Arista is best understood as an infrastructure supplier to organizations whose networks are too large, too latency-sensitive, or too automated for ordinary enterprise switches. Its customer base includes Cloud and AI Titans, AI and specialty providers, large enterprises, financial services firms, and service providers. In its 2025 Form 10-K, Arista frames the business around “Centers of Data”: AI Centers, Data Centers, Campus Centers, and WAN Centers.

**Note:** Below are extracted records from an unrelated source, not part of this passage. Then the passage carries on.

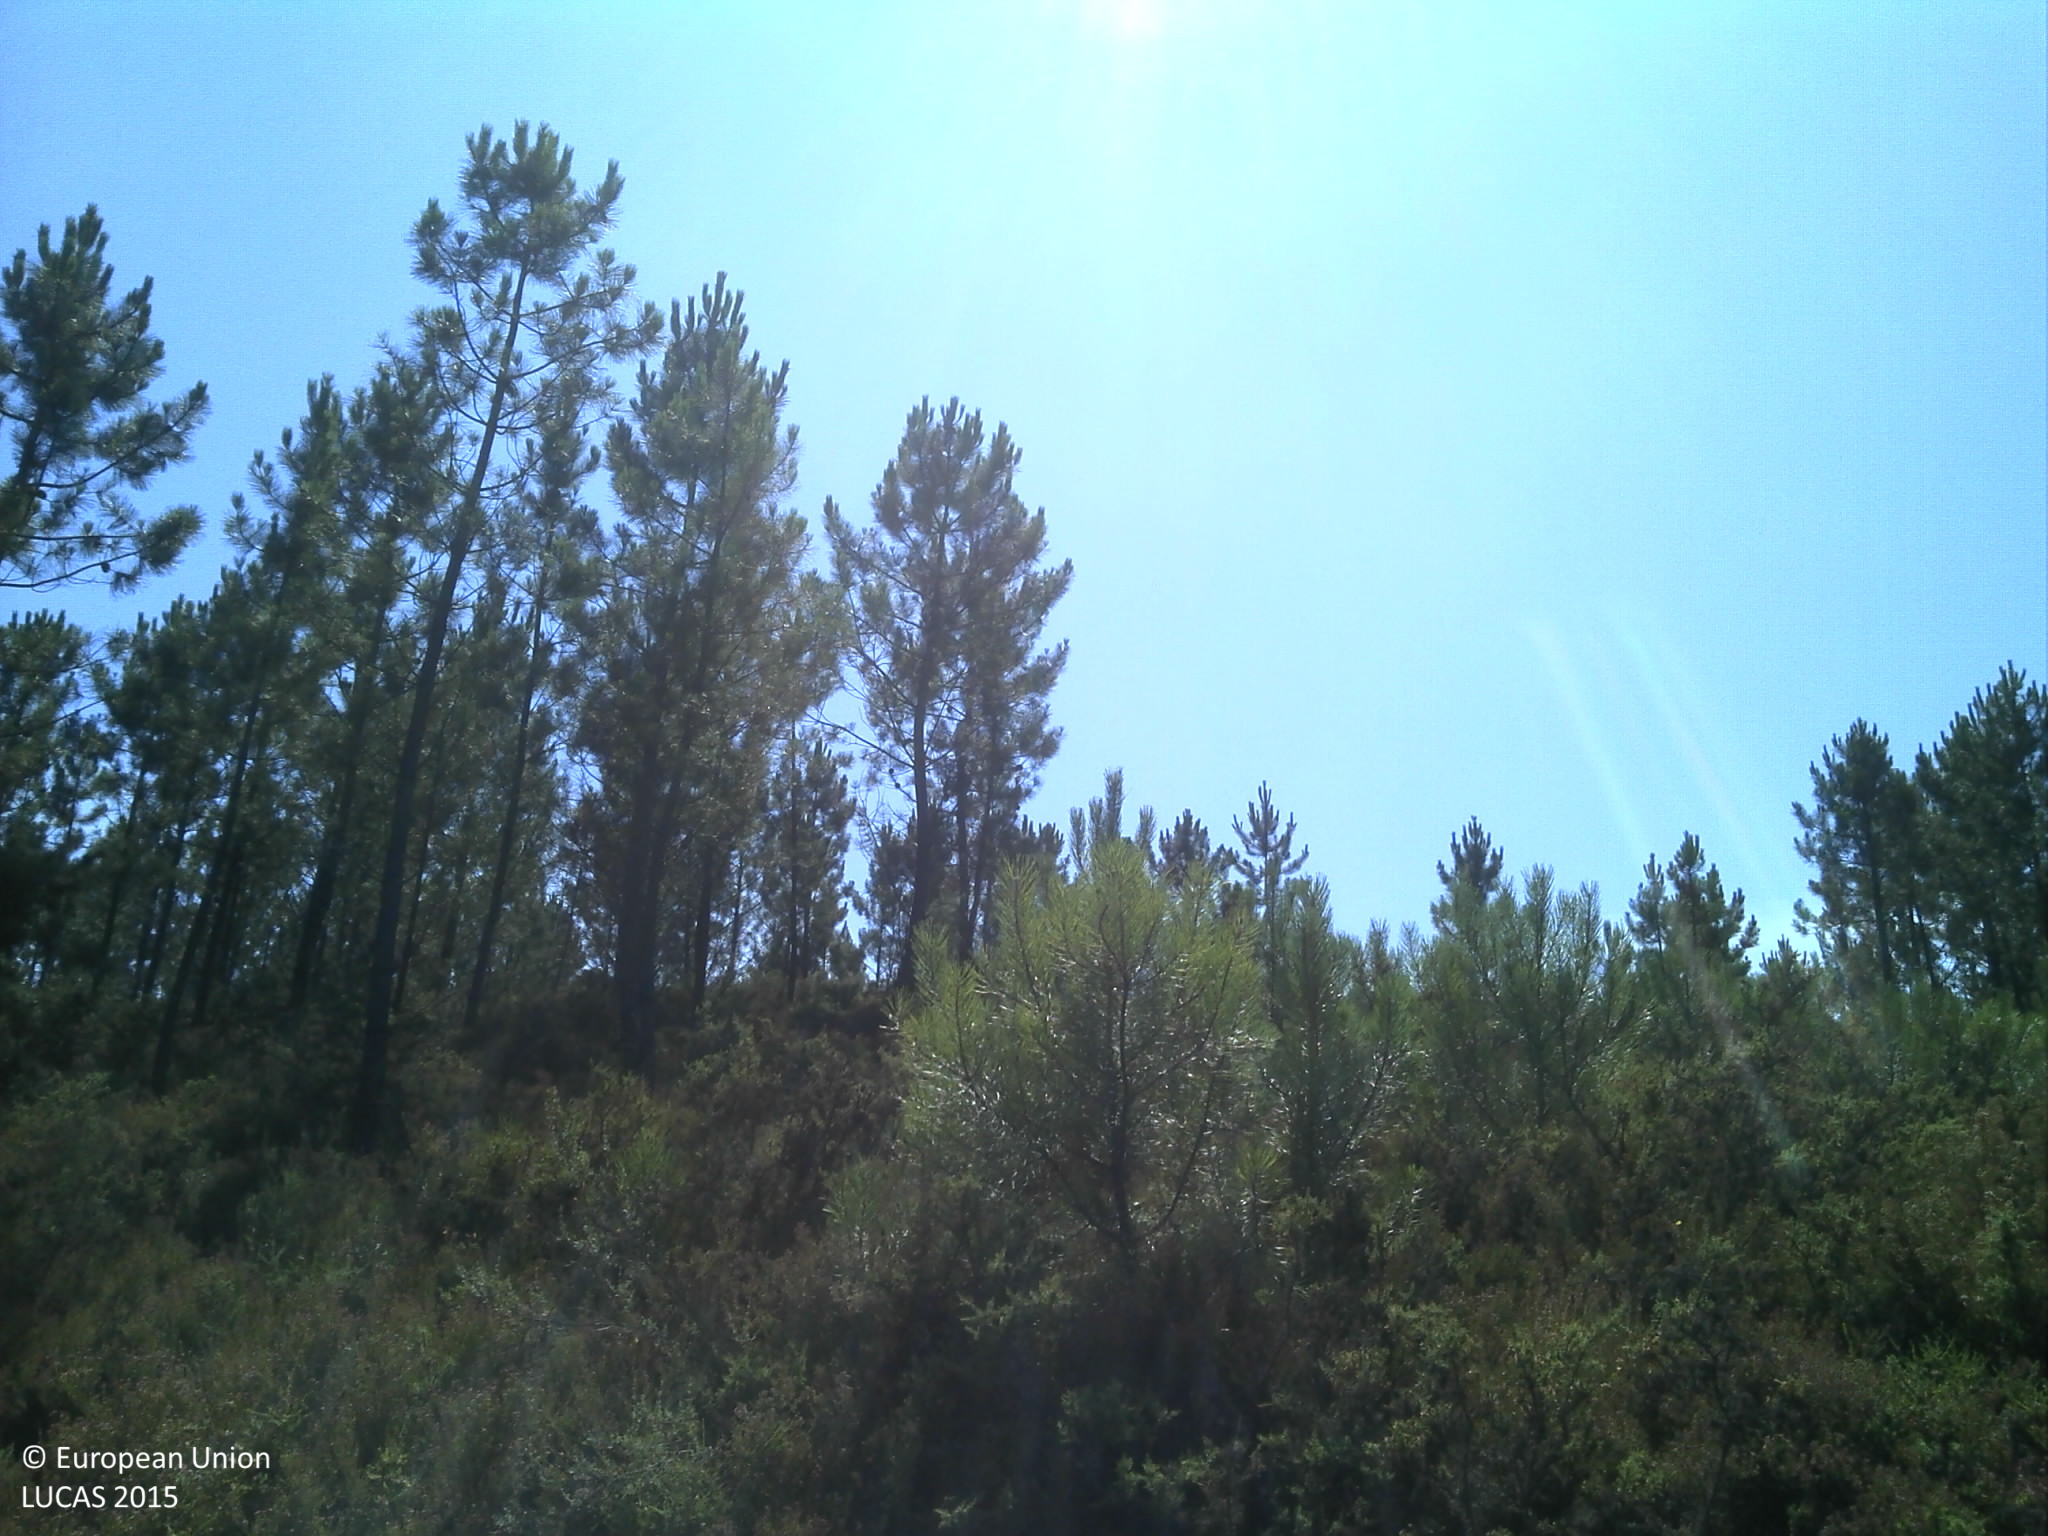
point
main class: Woodland
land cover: Pine dominated coniferous woodland
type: coniferous forest of the mediterranean region
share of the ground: 50 - 75 %
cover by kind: coniferous forest trees 50 %, shrubs 40 %, unconsolidated bare surface 10 %
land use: Forestry
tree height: > 5 m
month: July
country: PT
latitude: 40.2463
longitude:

That framing matters because the company is not only selling boxes; it is trying to make one operating system and management model span multiple network domains.
| Identity item | Arista-specific detail | Research implication |
|---|---|---|
| Official company | Arista Networks, Inc. (ANET), NYSE-listed | A focused networking infrastructure company rather than a diversified hardware conglomerate. |
| Operating domains | AI Centers, Data Centers, Campus Centers, WAN Centers | Growth depends on hyperscale AI buildouts plus enterprise adoption outside classic cloud data centers. |
| Core technology layer | EOS, network applications, Ethernet switching and routing platforms | Software consistency is central to the moat even when revenue is reported mainly as product revenue. |
| Disclosure structure | One reportable segment, with product/service and geographic revenue details | Investors must analyze product mix, geography, customer concentration, and margins rather than formal divisions. |
How does Arista make money, and which revenue streams matter most?
Arista makes money primarily by selling networking products: switching and routing platforms, plus related network applications. It also sells services, mainly post-contract support, renewals, and related support obligations purchased with products. The latest annual filing states that substantially all product revenue is expected to continue coming from switching and routing platforms in the foreseeable future, making the 2025 Form 10-K the best baseline for the company’s business model.
Which revenue stream dominates?
For FY2025, product revenue was $7.577B, or 84.1% of total revenue, while service revenue was $1.429B, or 15.9%. In Q1 2026, the mix was similar: product revenue of $2.311B and service revenue of $397.7M. This is important for margin analysis because product gross margin can move with customer mix, large-deal discounts, supply-chain cost, and platform transitions, while service revenue tends to carry a different cost structure.
Where is revenue generated?
Arista’s revenue is heavily Americas-weighted. In Q1 2026, the Americas produced $2.290B of revenue, compared with $235.0M from Europe, Middle East and Africa and $183.9M from Asia Pacific. The United States alone represented $2.272B within the Americas. For a company supplying global cloud and AI infrastructure, that geographic concentration shows how much the near-term story depends on North American hyperscale and large-enterprise spending.
How concentrated is the customer base?
Customer concentration is one of the most important facts in the model. Arista disclosed that two end customers represented more than 10% of total revenue in each of the last three fiscal years. One represented 16%, 15%, and 21% of revenue in 2025, 2024, and 2023; the other represented 26%, 20%, and 18%. That is not a minor footnote. It means cloud and AI capital-spending cycles can move Arista’s growth rate, backlog behavior, inventory needs, and gross margin faster than a broad enterprise customer base would.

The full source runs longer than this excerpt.